Thierry Fromont is an engineer in Bull’s hardware development division. He trained at the Ecole Supérieure de Physique et Chimie de Paris (ESPCI), and his job with Bull is to package servers and HPC clusters.
During the 1980s, high-level information processing systems were based on ECL bipolar semi-conductor technology. This technology was extremely wasteful, and the systems employing it were generally cooled by circulating water around the actual components. The arrival of CMOS technologies enabled some reduction in wasted power and increased integration on a single integrated circuit (IC). It soon became possible to put together a high-level processor using just a few IC’s, consuming fewer than 5W each (in the 1980s), followed by a single IC consuming less than 10W (at the start of the 1990s). Air-cooling became much easier to use, and so this became the standard technology.
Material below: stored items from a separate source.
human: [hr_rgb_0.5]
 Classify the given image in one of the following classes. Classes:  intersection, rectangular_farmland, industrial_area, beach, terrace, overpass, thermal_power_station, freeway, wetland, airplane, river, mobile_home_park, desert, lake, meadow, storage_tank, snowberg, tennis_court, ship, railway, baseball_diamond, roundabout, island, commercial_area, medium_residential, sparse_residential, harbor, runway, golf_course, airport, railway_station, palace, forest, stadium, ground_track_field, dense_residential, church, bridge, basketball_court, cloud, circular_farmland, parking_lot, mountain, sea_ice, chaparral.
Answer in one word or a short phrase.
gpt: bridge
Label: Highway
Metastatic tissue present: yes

IT applications have always demanded ever-increasing amounts of processing power (for databases, business intelligence applications, intensive processing, Internet access…); and they still do today. Servers have advanced considerably as a result, incorporating more powerful processors and resulting in the increasingly standard use of SMP (symmetrical multi-processor) architecture. This route is the ‘Scale-in’ method, whereas deploying clustering techniques to enable the power of several basic servers to be added into the equation is known as the ‘Scale-out’ method. Therefore, the processing power of computer systems has continued to grow thanks to:
Being able to include more transistors on just one silicon chip, to enable more powerful processor architectures (SMP architecture, for example)
Higher frequency system clocks (intrinsic core performance)
Creation of large clusters (integrating up to 10,000 basic processors). In particular, it is these large clusters that enable High-Performance Computing (HPC).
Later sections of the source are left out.